To control the ability of the eluted DNA from DBS to be amplified, 5 μl of DNA from each sample were amplified for the human telomerase reverse transcriptase (hTERT) located in the 5p15.33 (Gene Bank accession: AF128893), employed as housekeeping gene. Amplification was carried out as previously described
. A quantitative method based on Multiplex Real-Time PCR assay was performed to quantify EBV type 1 and EBV type 2, using a primer pair for the EBNA2 gene
[36, 37] and the probes designed to discriminate between EBV type 1 and EBV type 2 ( EBV type 1: 5'-FAM-AAT CCT CCT ACC CTC TCT TTA TGC CAT GTG TGT-TAMRA-3'; EBV type 2: 5'-Cy5 TGG GCT GTT AGT AGG GT-BBQ-3')

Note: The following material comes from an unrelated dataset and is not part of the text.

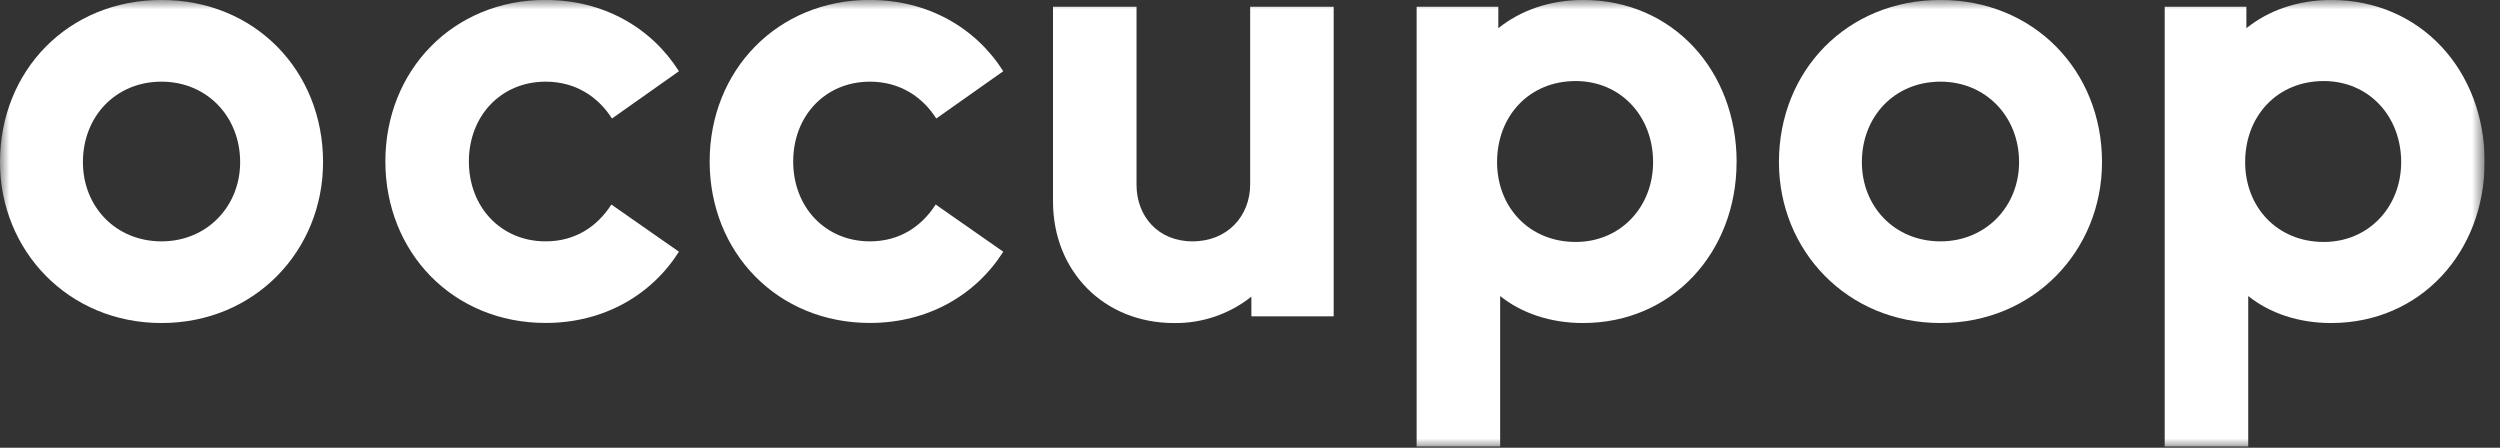 <?xml version="1.0" encoding="UTF-8"?> <svg xmlns="http://www.w3.org/2000/svg" width="134" height="24" viewBox="0 0 134 24" fill="none"><rect x="0" y="0" width="134" height="24" fill="#333333" stroke="none"/><g clip-path="url(#clip0_2569_14)"><mask id="mask0_2569_14" style="mask-type:luminance" maskUnits="userSpaceOnUse" x="0" y="0" width="134" height="24"><path d="M133.179 0H0V24H133.179V0Z" fill="white"></path></mask><g mask="url(#mask0_2569_14)"><path d="M29.247 -0.002C32.343 -0.002 34.91 1.479 36.391 3.818L32.803 6.352C32.046 5.167 30.828 4.377 29.247 4.377C26.845 4.377 25.132 6.22 25.132 8.656C25.132 11.092 26.845 12.937 29.247 12.937C30.828 12.937 32.014 12.146 32.77 10.962L36.391 13.492C34.91 15.829 32.343 17.31 29.247 17.31C24.277 17.31 20.656 13.525 20.656 8.652C20.656 3.779 24.277 -0.006 29.247 -0.006" fill="white"></path><path d="M46.63 -0.002C49.724 -0.002 52.292 1.479 53.774 3.818L50.185 6.352C49.429 5.167 48.21 4.377 46.63 4.377C44.226 4.377 42.515 6.22 42.515 8.656C42.515 11.092 44.226 12.937 46.63 12.937C48.21 12.937 49.395 12.146 50.152 10.962L53.774 13.492C52.292 15.829 49.724 17.31 46.63 17.31C41.659 17.31 38.038 13.525 38.038 8.652C38.038 3.779 41.659 -0.006 46.63 -0.006" fill="white"></path><path d="M71.485 0.36V16.954H67.074V15.899C65.897 16.836 64.431 17.337 62.927 17.315C59.179 17.315 56.441 14.55 56.441 10.791V0.36H60.918V9.908C60.918 11.586 62.07 12.937 63.915 12.937C65.791 12.937 67.009 11.586 67.009 9.875V0.36H71.485Z" fill="white"></path><path d="M93.08 8.69C93.08 13.496 89.656 17.314 84.85 17.314C83.105 17.314 81.558 16.788 80.408 15.867V23.932H75.931V0.36H80.31V1.512C81.495 0.559 83.075 -0.002 84.853 -0.002C89.659 -0.002 93.083 3.785 93.083 8.69H93.08ZM88.606 8.69C88.606 6.22 86.861 4.344 84.458 4.344C81.96 4.344 80.243 6.22 80.243 8.69C80.243 11.094 81.956 12.969 84.458 12.969C86.861 12.969 88.606 11.094 88.606 8.69Z" fill="white"></path><path d="M104.009 -0.002C109.013 -0.002 112.668 3.785 112.668 8.69C112.668 13.43 109.013 17.314 104.009 17.314C99.006 17.314 95.351 13.428 95.351 8.69C95.351 3.785 99.006 -0.002 104.009 -0.002ZM104.009 12.937C106.445 12.937 108.223 11.06 108.223 8.69C108.223 6.254 106.445 4.377 104.009 4.377C101.54 4.377 99.796 6.254 99.796 8.69C99.796 11.06 101.54 12.937 104.009 12.937Z" fill="white"></path><path d="M133.176 8.69C133.176 13.496 129.754 17.314 124.947 17.314C123.202 17.314 121.655 16.788 120.505 15.867V23.932H116.028V0.36H120.406V1.512C121.591 0.559 123.172 -0.002 124.95 -0.002C129.756 -0.002 133.179 3.785 133.179 8.69H133.176ZM128.703 8.69C128.703 6.22 126.958 4.344 124.554 4.344C122.056 4.344 120.34 6.22 120.34 8.69C120.34 11.094 122.052 12.969 124.554 12.969C126.958 12.969 128.703 11.094 128.703 8.69Z" fill="white"></path><path d="M8.658 -0.002C13.655 -0.002 17.316 3.785 17.316 8.69C17.316 13.43 13.662 17.314 8.658 17.314C3.655 17.314 0 13.428 0 8.69C0 3.785 3.655 -0.002 8.658 -0.002ZM8.658 12.937C11.094 12.937 12.872 11.06 12.872 8.69C12.872 6.254 11.094 4.377 8.658 4.377C6.189 4.377 4.444 6.254 4.444 8.69C4.444 11.06 6.189 12.937 8.658 12.937Z" fill="white"></path></g></g><defs><clipPath id="clip0_2569_14"><rect width="133.179" height="24" fill="white"></rect></clipPath></defs></svg>

. A standard reference curve was obtained by five-fold serial dilution of two amplicons, one for EBV type 1 and the other for EBV type 2, and amplification was carried out, as already detailed
. The multiplex assay showed a dynamic range from 5 to 2×105 copies. The results were expressed as EBV-DNA copies/ml. In those who had both EBV 1 and 2, viral levels were added and their total viral loads were analysed to investigate the association between NHL and EBV viral load.
Data were screened and edit checks were done to minimize data entry errors. Data were analysed with the STATA 11 software (College Station, Texas, USA). Categorical variables were summarized as percentages and were analysed by Chi-square or Fisher’s exact tests where appropriate. Continuous variables were summarized as mean (standard deviation) or median (range) where appropriate. EBV-DNA levels of cases and controls were compared using Wilcoxon rank sum (Mann–Whitney) test. The association between NHL and EBV was investigated using conditional logistic regression model. Odds ratios (OR) and 95% confidence intervals (CI) were determined by maximum likelihood estimation. The data were considered significant if the p-value was < 0.05.
Ethical approval was obtained from the Joint Bugando Medical Centre/Bugando University College of Health Sciences research and publication committee and guidelines on ethical requirement for conducting research and sample transportation outside the country were adhered to. Confidentiality was assured and the study did not interfere with the decision of the attending physician in case of absence of the investigator.